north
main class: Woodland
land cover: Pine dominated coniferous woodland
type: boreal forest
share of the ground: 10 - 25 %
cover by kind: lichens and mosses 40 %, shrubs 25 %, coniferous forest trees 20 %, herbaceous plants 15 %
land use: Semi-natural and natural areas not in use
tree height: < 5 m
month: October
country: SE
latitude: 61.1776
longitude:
==================================================
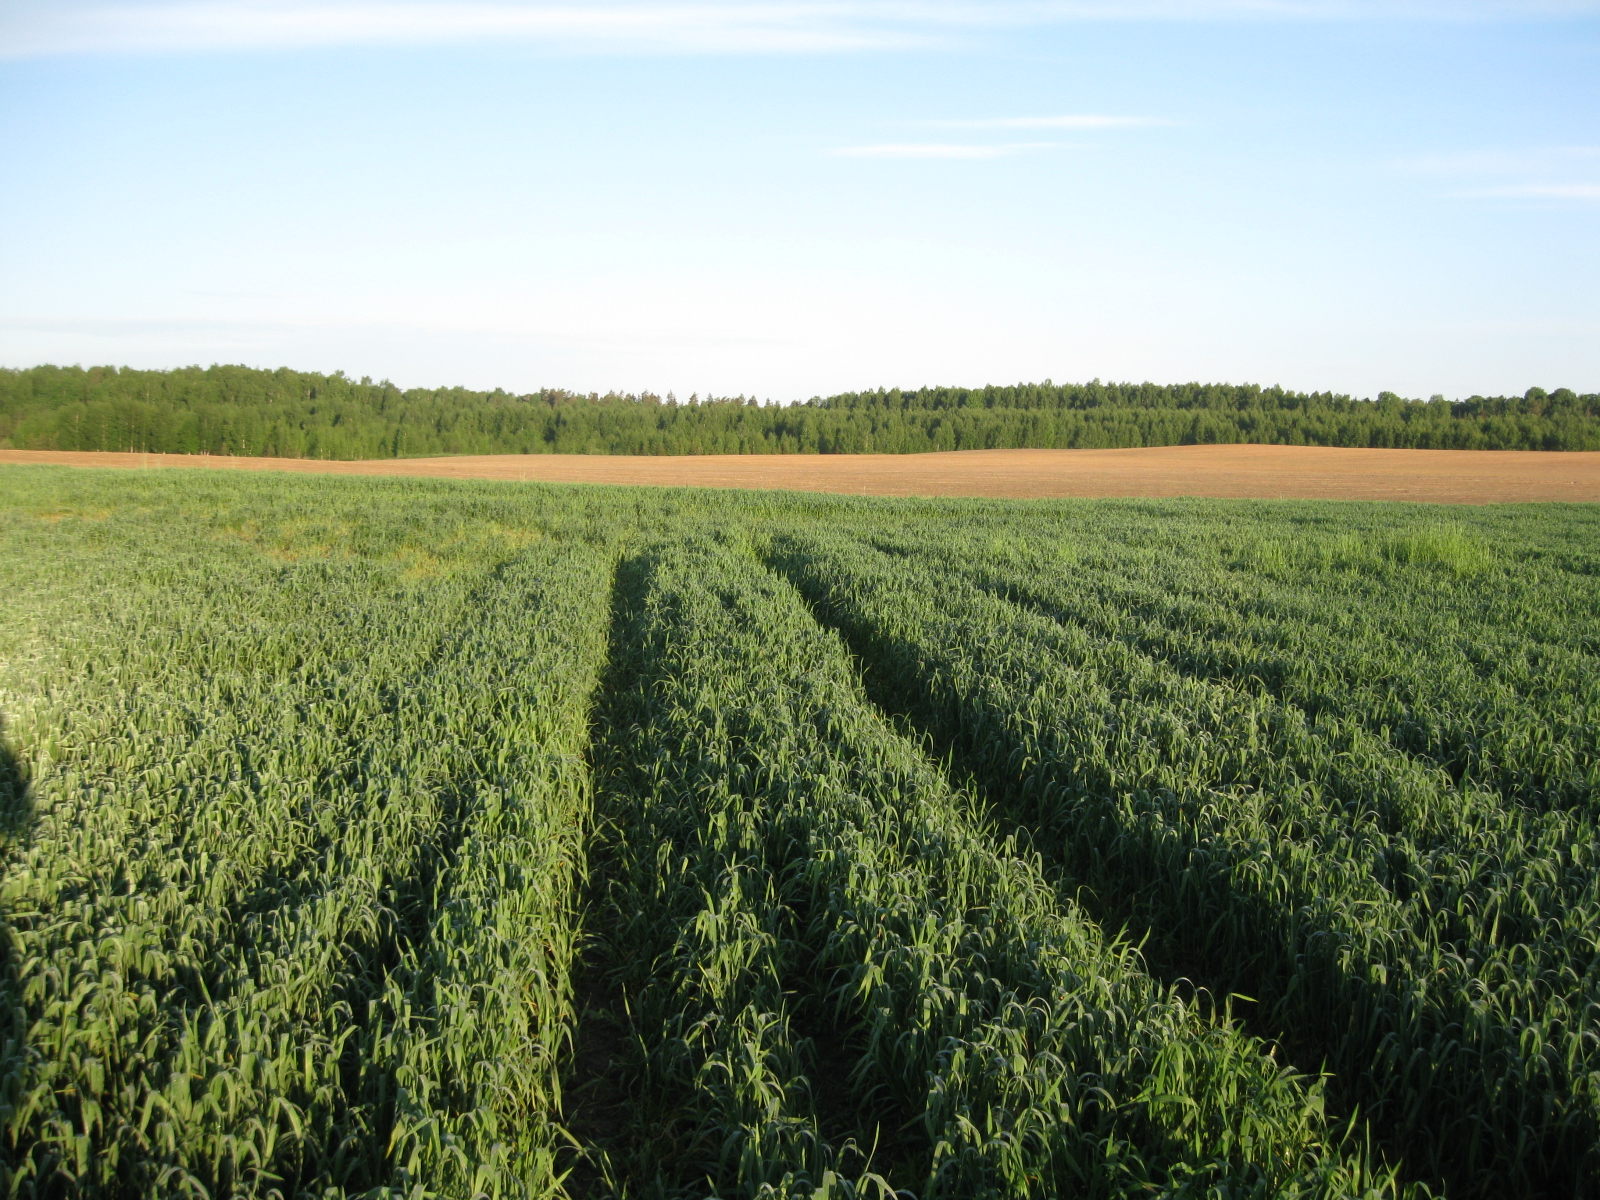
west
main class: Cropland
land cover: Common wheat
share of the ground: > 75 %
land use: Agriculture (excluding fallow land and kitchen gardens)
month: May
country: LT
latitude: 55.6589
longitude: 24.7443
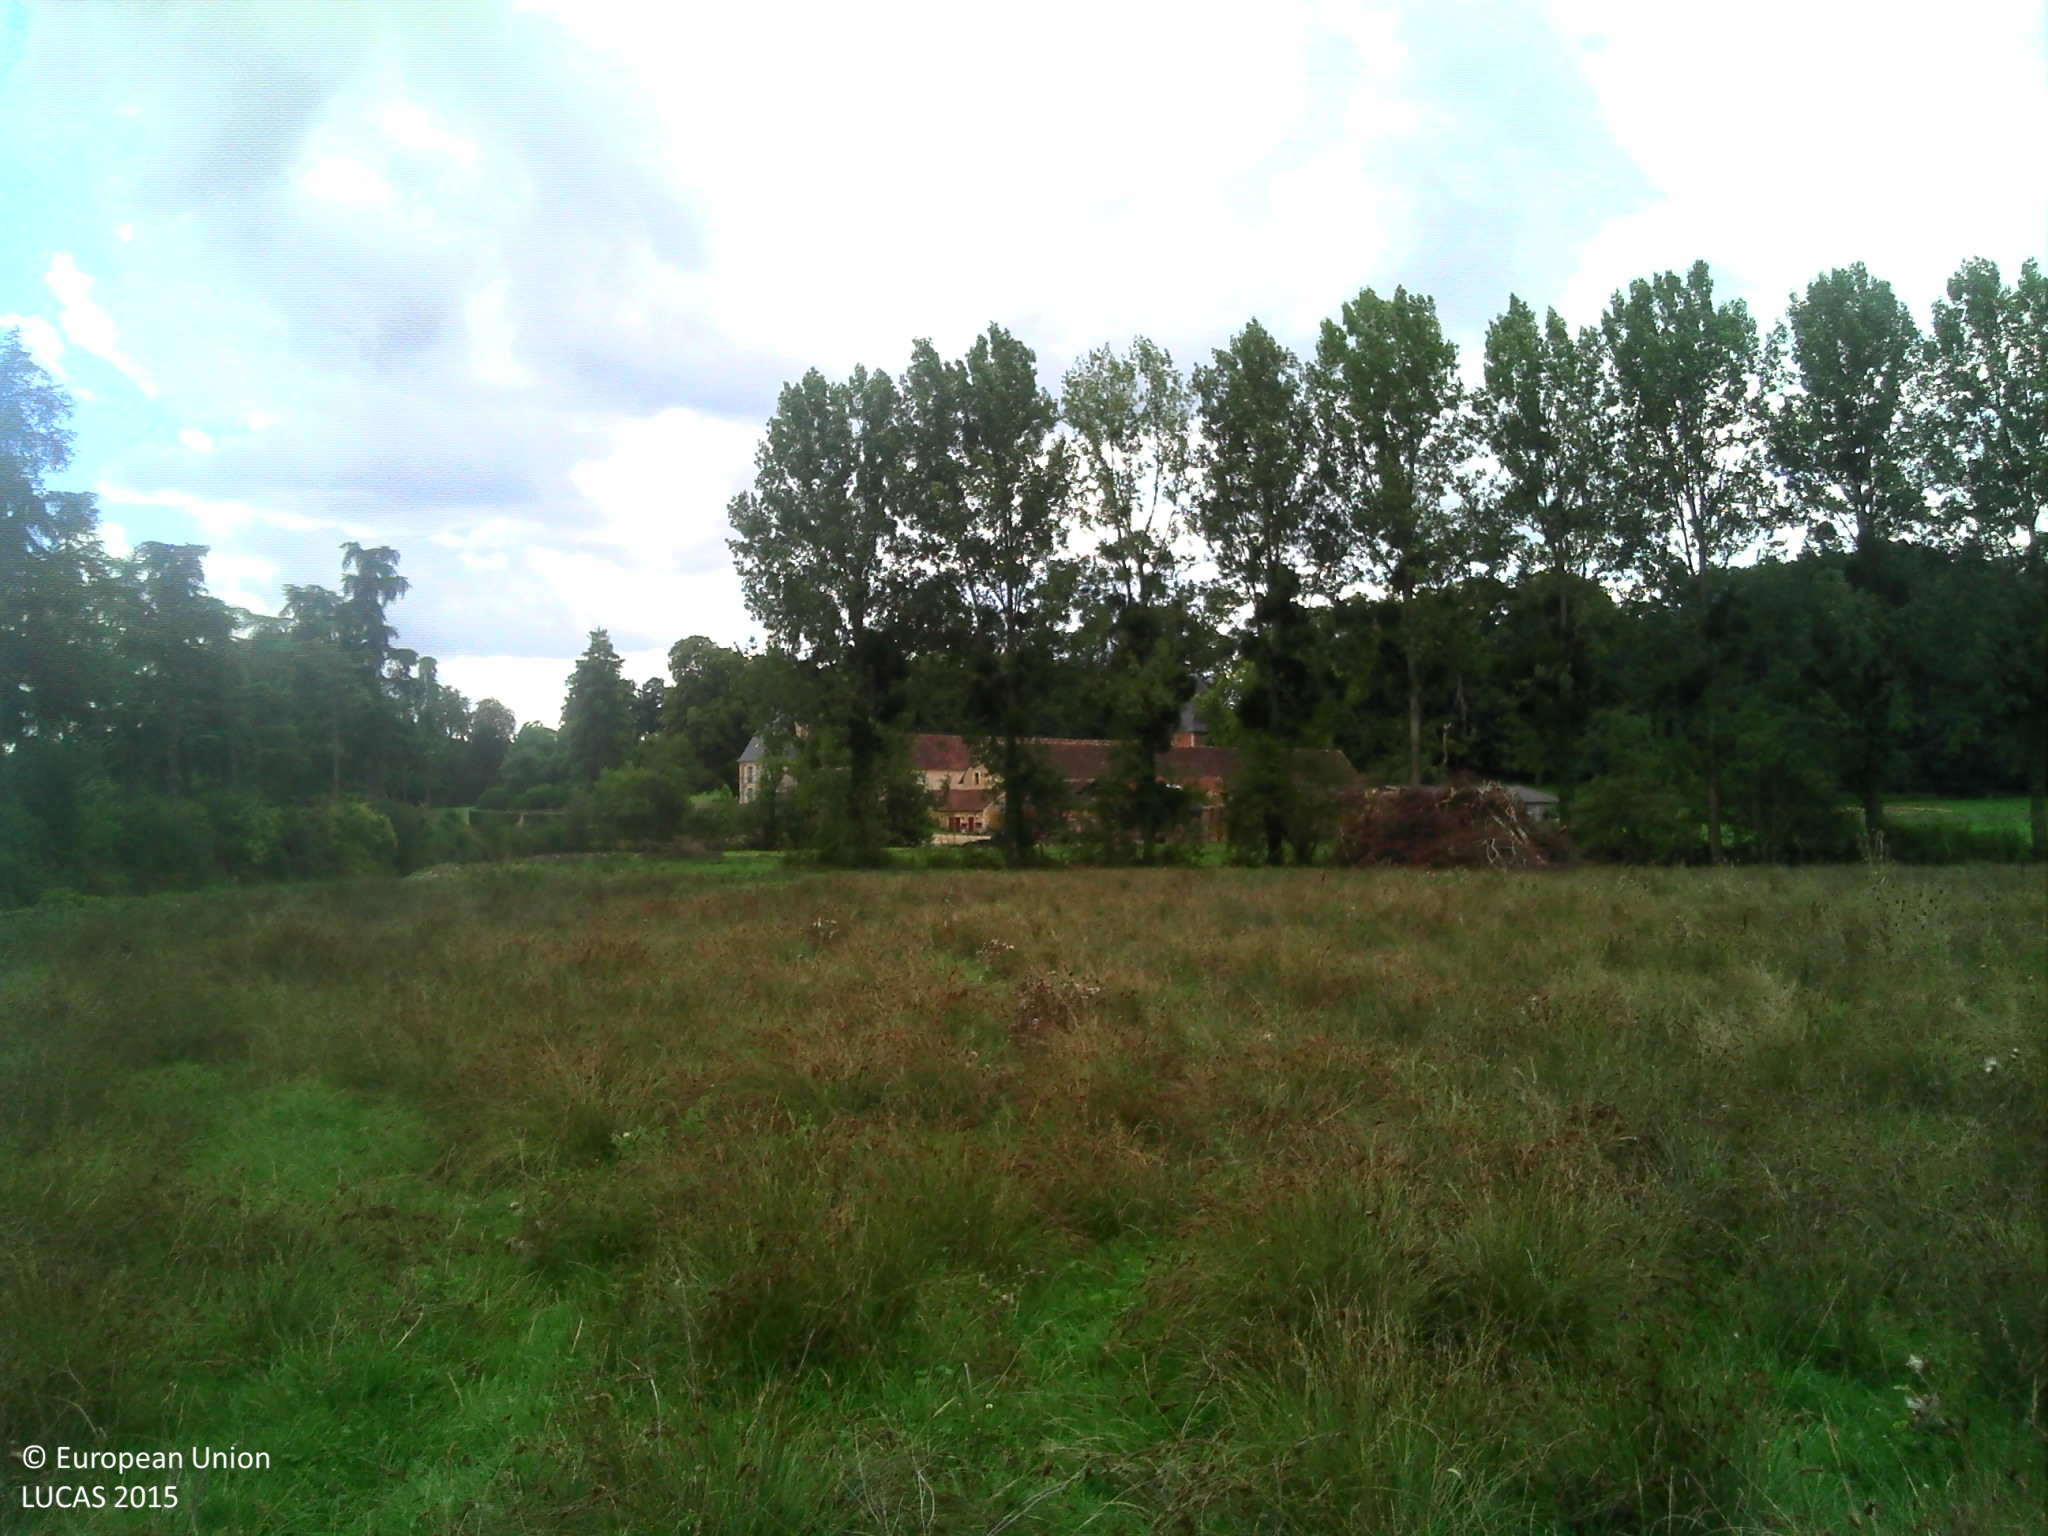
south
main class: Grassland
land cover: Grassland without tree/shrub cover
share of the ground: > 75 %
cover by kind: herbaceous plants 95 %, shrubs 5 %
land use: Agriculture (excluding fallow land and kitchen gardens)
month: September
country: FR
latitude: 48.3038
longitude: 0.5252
==================================================
__Aim of the exercise__
In the data above, find each line that uses the string "cover". Copy it.

__Solved exercise__
land cover: Pine dominated coniferous woodland
cover by kind: lichens and mosses 40 %, shrubs 25 %, coniferous forest trees 20 %, herbaceous plants 15 %
land cover: Common wheat
land cover: Grassland without tree/shrub cover
cover by kind: herbaceous plants 95 %, shrubs 5 %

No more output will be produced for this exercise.